*Work request*: Repeat the following data exactly, omitting pictures.
------------------------
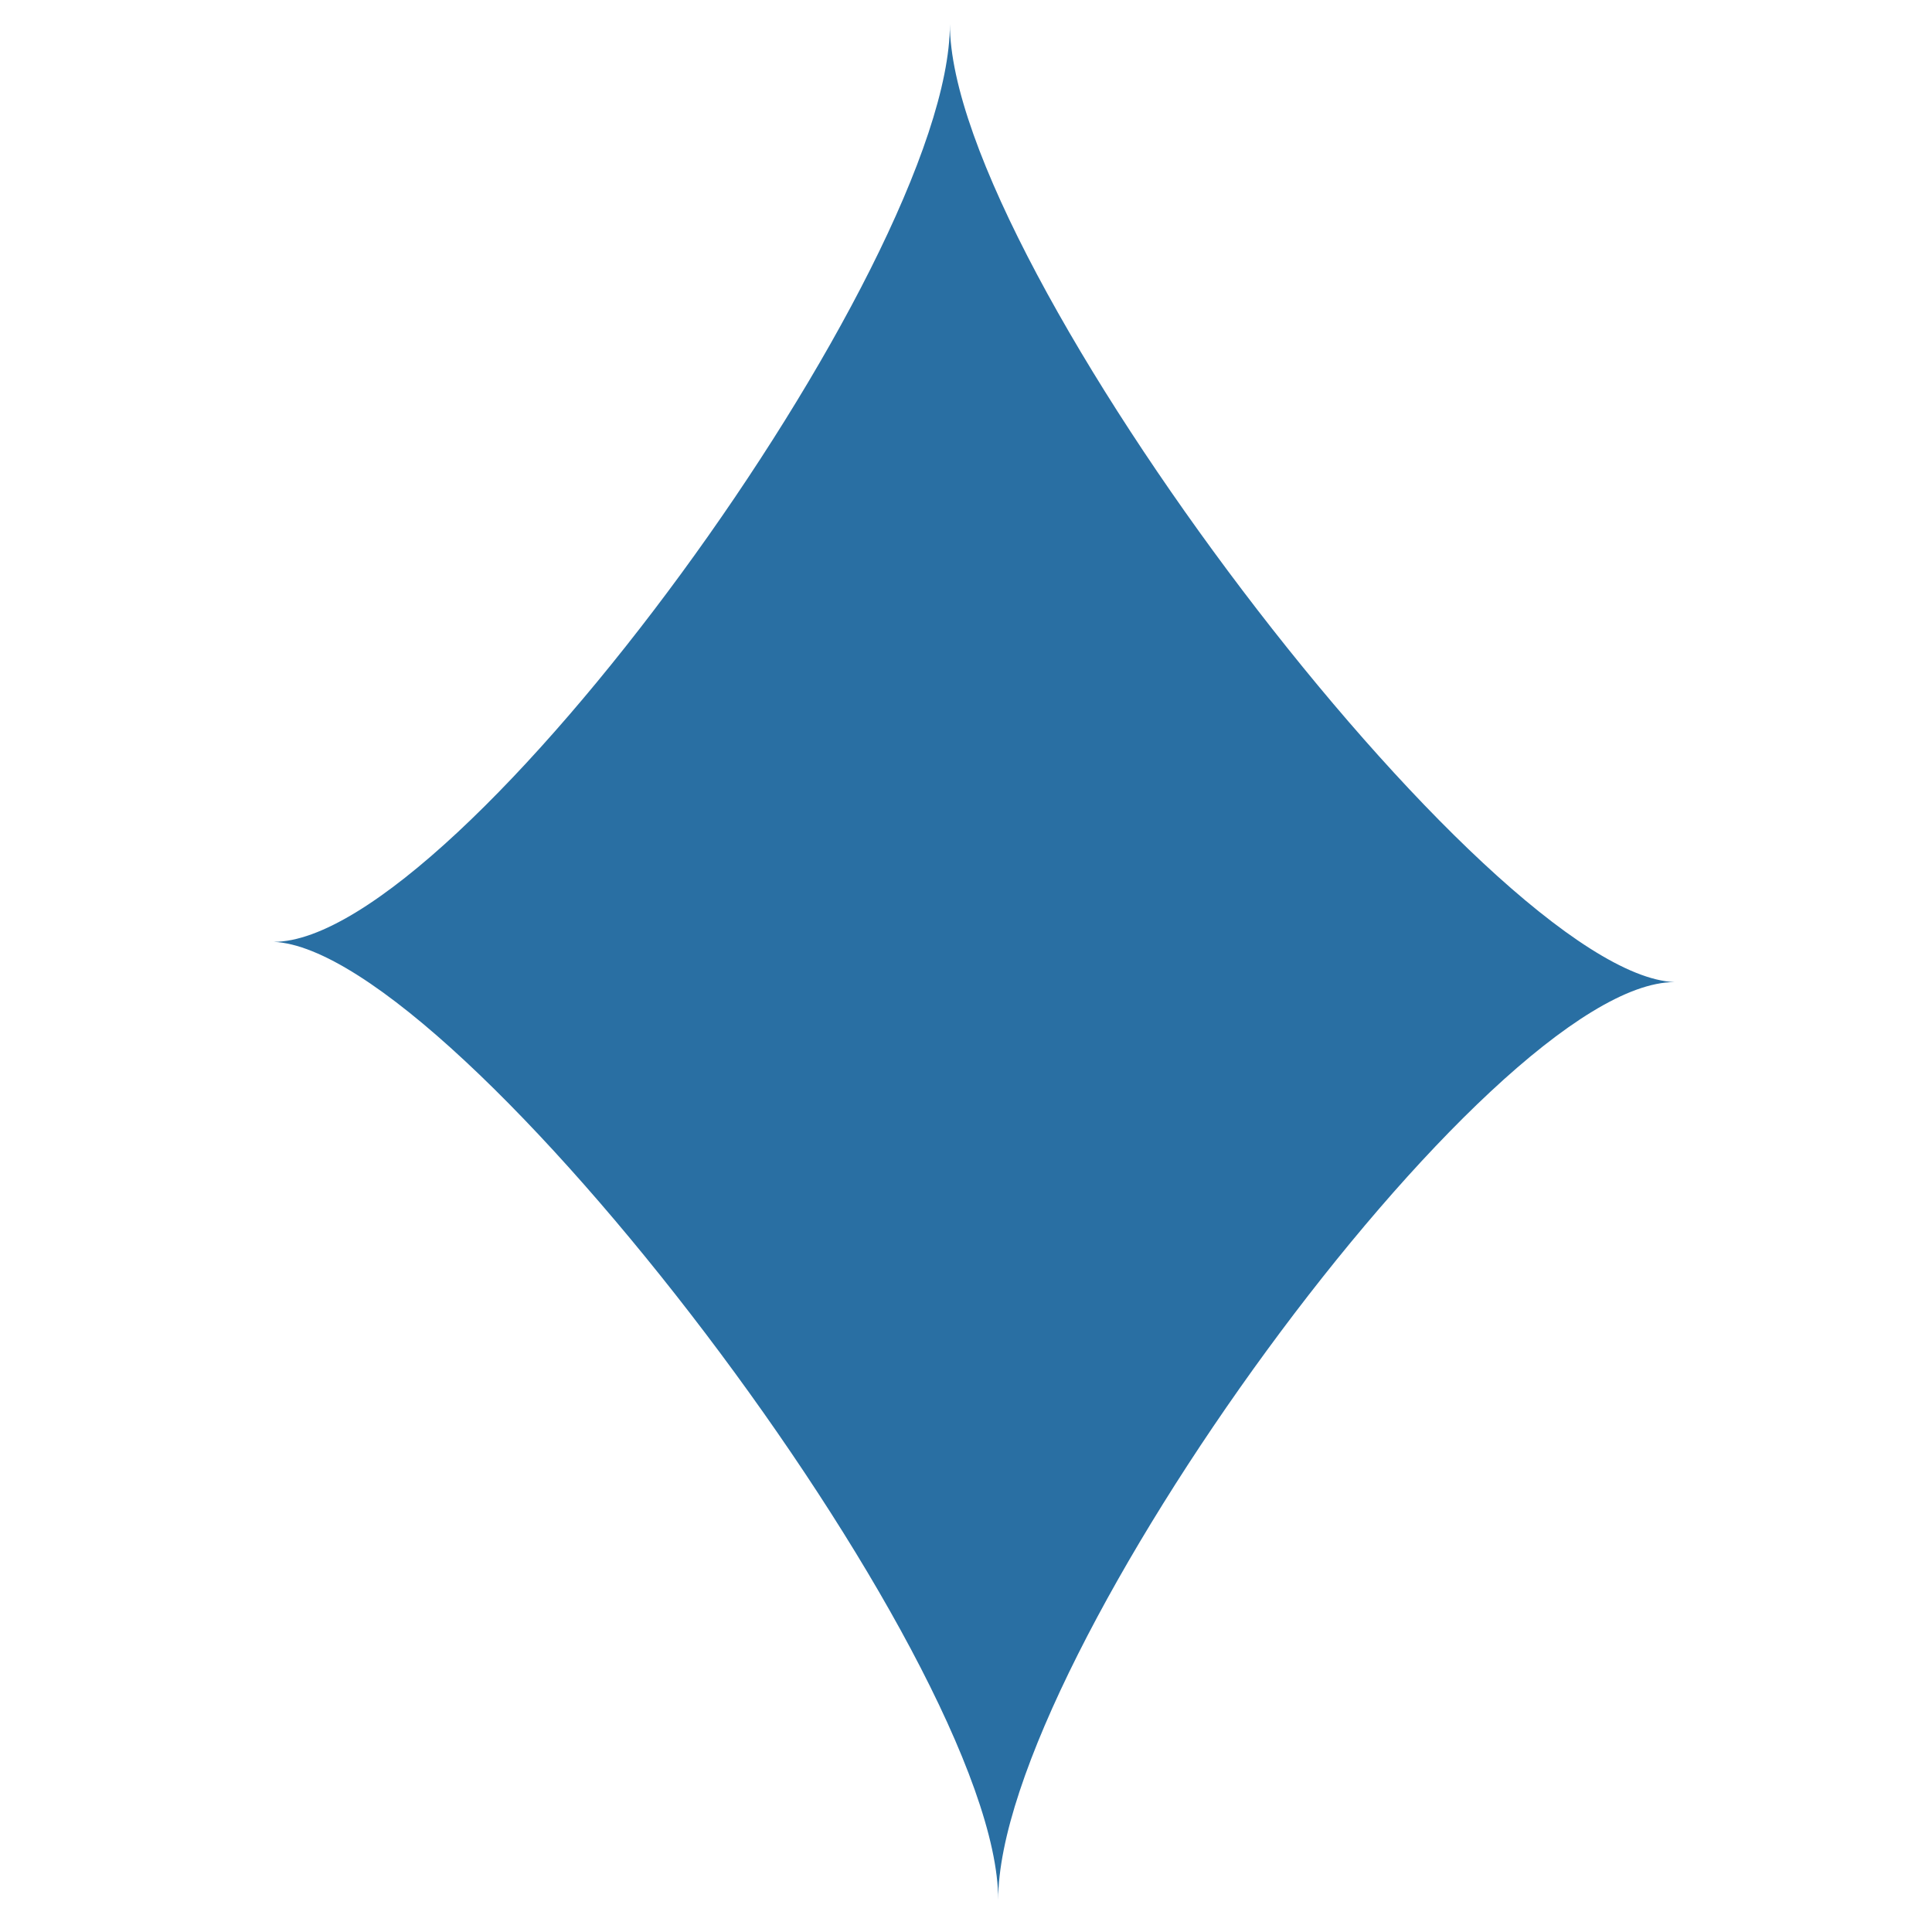 <?xml version="1.0" encoding="UTF-8"?>
<svg id="Layer_1" xmlns="http://www.w3.org/2000/svg" version="1.1" viewBox="0 0 24 24">
  <!-- Generator: Adobe Illustrator 29.7.1, SVG Export Plug-In . SVG Version: 2.1.1 Build 8)  -->
  <defs>
    <style>
      .st0 {
        fill: #296fa3;
      }
    </style>
  </defs>
  <path class="st0" d="M12.4,23.6c0-3-6.7-11.8-9-11.9,2.3,0,8.4-8.4,8.4-11.4,0,3,6.7,11.8,9,11.9-2.3,0-8.4,8.4-8.4,11.4Z"/>
</svg>
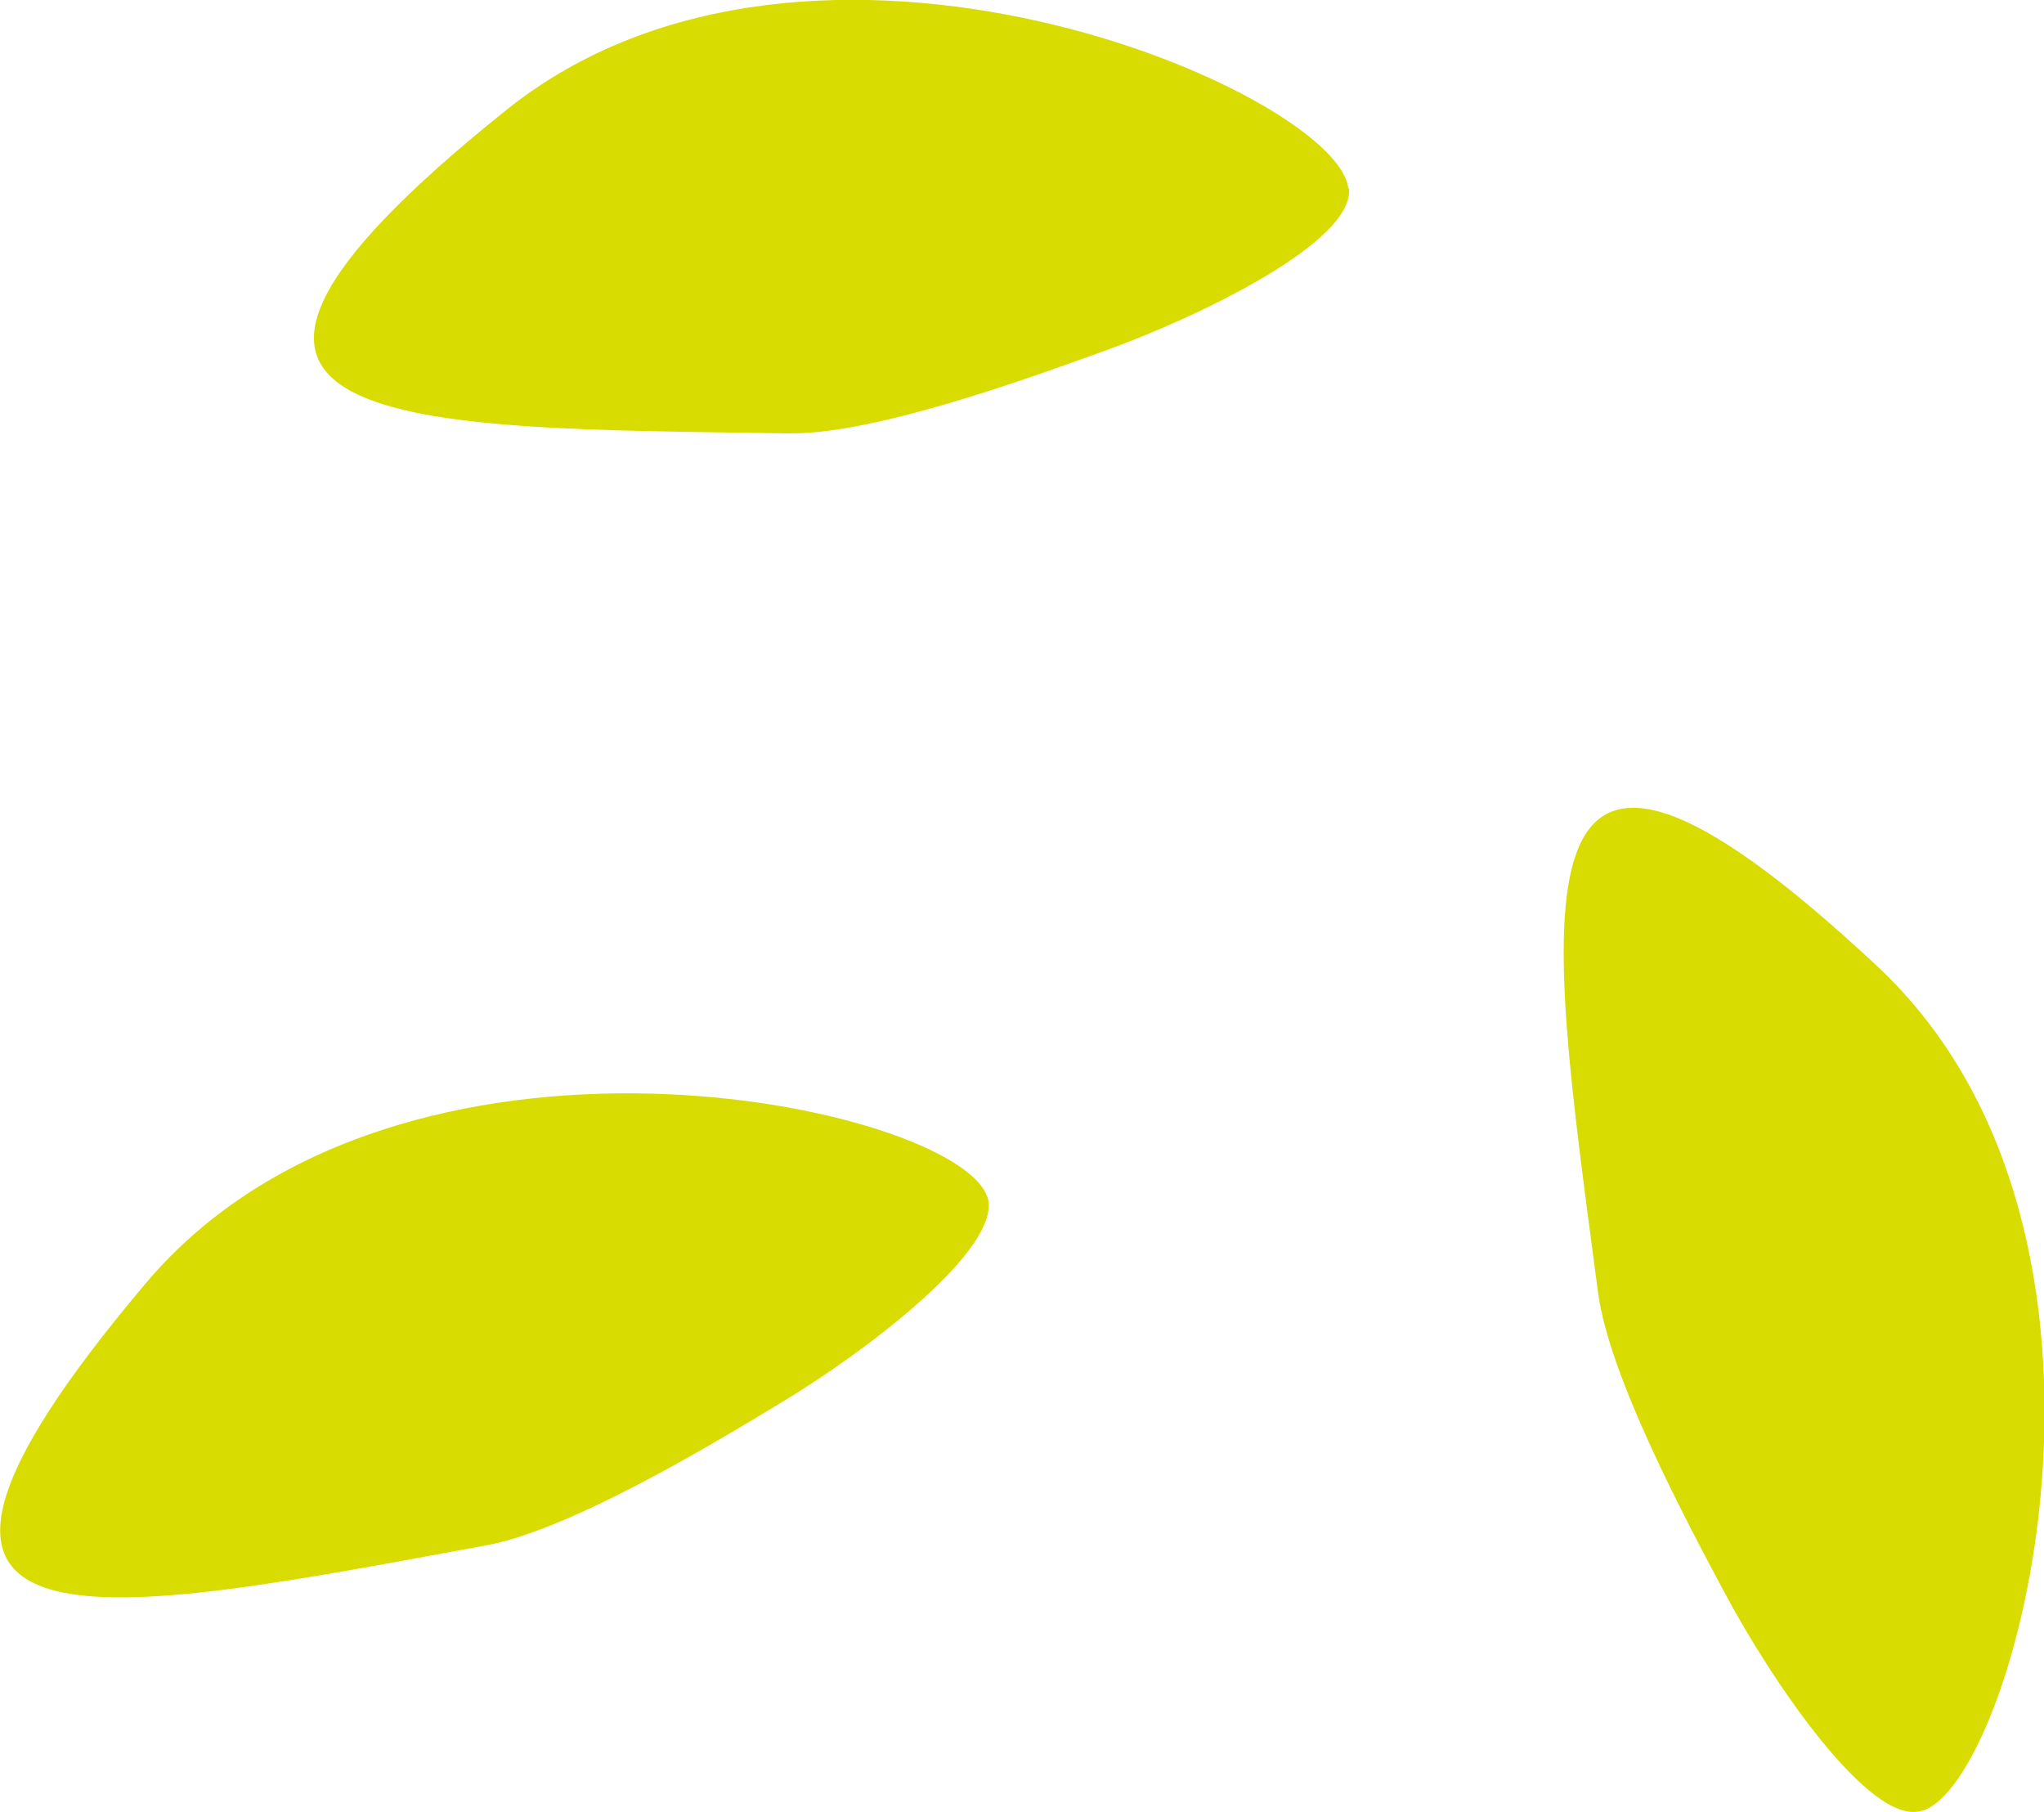 <?xml version="1.0" encoding="UTF-8"?><svg id="_レイヤー_2" xmlns="http://www.w3.org/2000/svg" viewBox="0 0 32.17 28.52"><defs><style>.cls-1{fill:#d8dc00;}</style></defs><g id="_レイヤー_1-2"><path class="cls-1" d="m30.23,28.5c-.81.22-2.35-2.05-3.1-3.46-.63-1.18-1.81-3.4-1.98-4.71-.79-6-1.58-10.71,4.4-5.12,4.51,4.22,2.16,12.9.69,13.29Z"/><path class="cls-1" d="m15.54,18.83c.26.8-1.92,2.45-3.29,3.27-1.14.69-3.3,1.98-4.6,2.22-5.95,1.09-10.62,2.11-5.36-4.12,3.97-4.71,12.78-2.81,13.25-1.36Z"/><path class="cls-1" d="m21.23,2.96c.1.84-2.36,2.03-3.87,2.57-1.25.45-3.62,1.31-4.95,1.29-6.05-.09-10.82.02-4.44-5.09,4.82-3.86,13.07-.28,13.25,1.23Z"/></g></svg>
------------------------
*Reply to the exercise*:
 <?xml version="1.0" encoding="UTF-8"?>
<svg id="Layer_1" xmlns="http://www.w3.org/2000/svg" version="1.1" viewBox="0 0 24 24">
  <!-- Generator: Adobe Illustrator 29.7.1, SVG Export Plug-In . SVG Version: 2.1.1 Build 8)  -->
  <defs>
    <style>
      .st0 {
        fill: #296fa3;
      }
    </style>
  </defs>
  <path class="st0" d="M12.4,23.6c0-3-6.7-11.8-9-11.9,2.3,0,8.4-8.4,8.4-11.4,0,3,6.7,11.8,9,11.9-2.3,0-8.4,8.4-8.4,11.4Z"/>
</svg>
 <?xml version="1.0" encoding="UTF-8"?><svg id="_レイヤー_2" xmlns="http://www.w3.org/2000/svg" viewBox="0 0 32.17 28.52"><defs><style>.cls-1{fill:#d8dc00;}</style></defs><g id="_レイヤー_1-2"><path class="cls-1" d="m30.23,28.5c-.81.22-2.35-2.05-3.1-3.46-.63-1.18-1.81-3.4-1.98-4.71-.79-6-1.58-10.71,4.4-5.12,4.51,4.22,2.16,12.9.69,13.29Z"/><path class="cls-1" d="m15.54,18.83c.26.8-1.92,2.45-3.29,3.27-1.14.69-3.3,1.98-4.6,2.22-5.95,1.09-10.62,2.11-5.36-4.12,3.97-4.71,12.78-2.81,13.25-1.36Z"/><path class="cls-1" d="m21.23,2.96c.1.84-2.36,2.03-3.87,2.57-1.25.45-3.62,1.31-4.95,1.29-6.05-.09-10.82.02-4.44-5.09,4.82-3.86,13.07-.28,13.25,1.23Z"/></g></svg>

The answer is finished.